A necessidade de mais proteção é corroborada por Valdir Simão, ex-ministro-chefe da Controladoria-Geral da União. “A proteção ao denunciante de boa-fé é estratégia central no enfrentamento da corrupção”, diz Simão, que é advogado. “Os ilícitos são detectados, em grande medida, pela colaboração de denunciantes, que devem ser protegidos contra retaliações”. 

Simão lembra que agências americanas utilizam com sucesso essa estratégia, recompensando os denunciantes com parcelas de valores recuperados. “As novas diretivas europeias, a serem implantadas até 2021 ampliam ainda mais a proteção, invertendo o ônus da prova no caso de potencial retaliação da empresa contra a pessoa do relatante do ilícito.” 

Dificuldade legislativa
Para Maristela Basso, professora de Direito Internacional e Comparado da USP, o legislativo brasileiro tem enorme dificuldade de, ao elaborar leis, levar em conta a experiência do direito comparado. Isto é, a legislação de países cuja prática e experiência antecedem às nossas — caso da União Europeia. 

“Temos um poder legislativo chauvinista e atrasado”, diz a professora. “De nada adianta aprovar uma lei que regulamenta a colaboração e delação se, por outro lado, não disciplina os mecanismos e sistemas de proteção daqueles que denunciam, testemunham e também de seus familiares. Tal qual o mito de Sísifo, temos um poder legiferante esperto, mas não sábio.”

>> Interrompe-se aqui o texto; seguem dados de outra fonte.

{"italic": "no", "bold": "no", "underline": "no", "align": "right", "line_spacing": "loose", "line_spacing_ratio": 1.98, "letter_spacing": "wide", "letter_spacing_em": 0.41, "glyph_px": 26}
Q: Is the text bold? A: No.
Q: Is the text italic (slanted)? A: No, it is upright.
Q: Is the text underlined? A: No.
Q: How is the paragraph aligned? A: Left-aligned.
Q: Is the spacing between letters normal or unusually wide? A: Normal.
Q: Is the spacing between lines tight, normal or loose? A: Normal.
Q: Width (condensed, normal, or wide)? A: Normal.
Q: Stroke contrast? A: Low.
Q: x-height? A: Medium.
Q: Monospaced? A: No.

O criminalista Rodrigo Dall'Aqcua, sócio do Oliveira Lima e Dall’Acqua Advogados, explica que os denunciantes, no Brasil, não estão livres de ser processados por “calúnia e difamação”, mesmo que estejam falando a verdade.

"Nos crimes contra a honra, a falsidade da acusação é presumida”, explica o especialista. “Portanto, a legislação não protege o whistleblower (denunciante, em inglês) de ser processado criminalmente pelo denunciado por suposta calúnia ou difamação.”

Ocorre que mesmo que “o whistleblower seja ao final absolvido, o simples fato de ser processado criminalmente já é uma espécie de sanção”. Num paralelo, ele lembra que é comum no Brasil, dada a falta de proteção da lei, o uso do poder econômico para processar e coibir denunciantes que não têm condições financeiras para enfrentar ações judiciais em série. “As vítimas históricas disso são os jornalistas.”